→ What to produce
Transcribe word for word the lines below from the line with "Topology: 1 solids, 1" through the line with "Full cylindrical faces", ends included.

--------------------

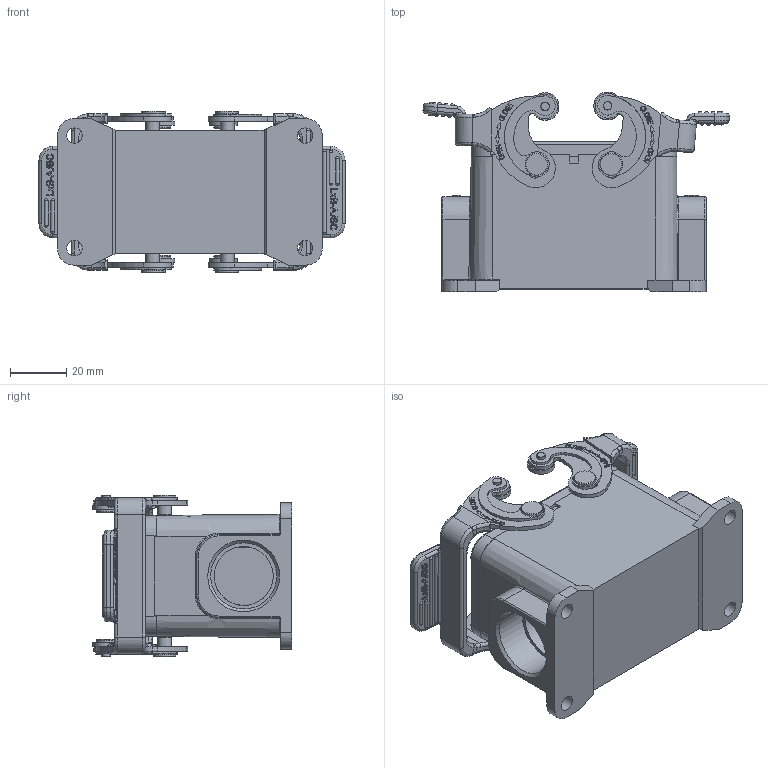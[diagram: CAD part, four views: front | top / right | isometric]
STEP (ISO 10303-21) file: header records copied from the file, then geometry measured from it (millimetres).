
FILE_DESCRIPTION(/* description */ (''),/* implementation_level */ '2;1');
FILE_NAME(/* name */ '16.stp',/* time_stamp */ '2024-03-21T13:16:54+08:00',/* author */ (''),/* organization */ (''),/* preprocessor_version */ 'ST-DEVELOPER v18.1',/* originating_system */ 'SIEMENS PLM Software NX 1980',/* authorisation */ '');
FILE_SCHEMA (('AP203_CONFIGURATION_CONTROLLED_3D_DESIGN_OF_MECHANICAL_PARTS_AND_ASSEMBLIES_MIM_LF { 1 0 10303 403 2 1 2}'));
Length unit declared in the file: millimetre
Products named in the file (1): _model1
Bounding box: 108.78 x 70.91 x 57.45 mm (x, y, z)
Volume: 87920.8 mm3; surface area: 46486.4 mm2
Topology: 1 solids, 1 shells, 1462 faces, 3729 edges, 2404 vertices
Faces by surface type: plane 773, cylinder 376, torus 88, extrusion 78, bspline 66, cone 42, sphere 39
Full cylindrical faces by diameter (mm): 1.9 x4, 2.95 x4, 3 x8, 3.5 x4, 4.8 x4, 4.907 x4, 5 x8, 5.5 x4, 7 x4, 8 x4, 9.8 x4, 18.4 x1, 21 x1, 23.5 x1
Entity records: 47648 total; most frequent: CARTESIAN_POINT 13164, ORIENTED_EDGE 7168, DIRECTION 6808, EDGE_CURVE 3584, VERTEX_POINT 2355, AXIS2_PLACEMENT_3D 2325, VECTOR 2158, LINE 2080

--------------------

→ Response to this exercise
Topology: 1 solids, 1 shells, 1462 faces, 3729 edges, 2404 vertices
Faces by surface type: plane 773, cylinder 376, torus 88, extrusion 78, bspline 66, cone 42, sphere 39
Full cylindrical faces by diameter (mm): 1.9 x4, 2.95 x4, 3 x8, 3.5 x4, 4.8 x4, 4.907 x4, 5 x8, 5.5 x4, 7 x4, 8 x4, 9.8 x4, 18.4 x1, 21 x1, 23.5 x1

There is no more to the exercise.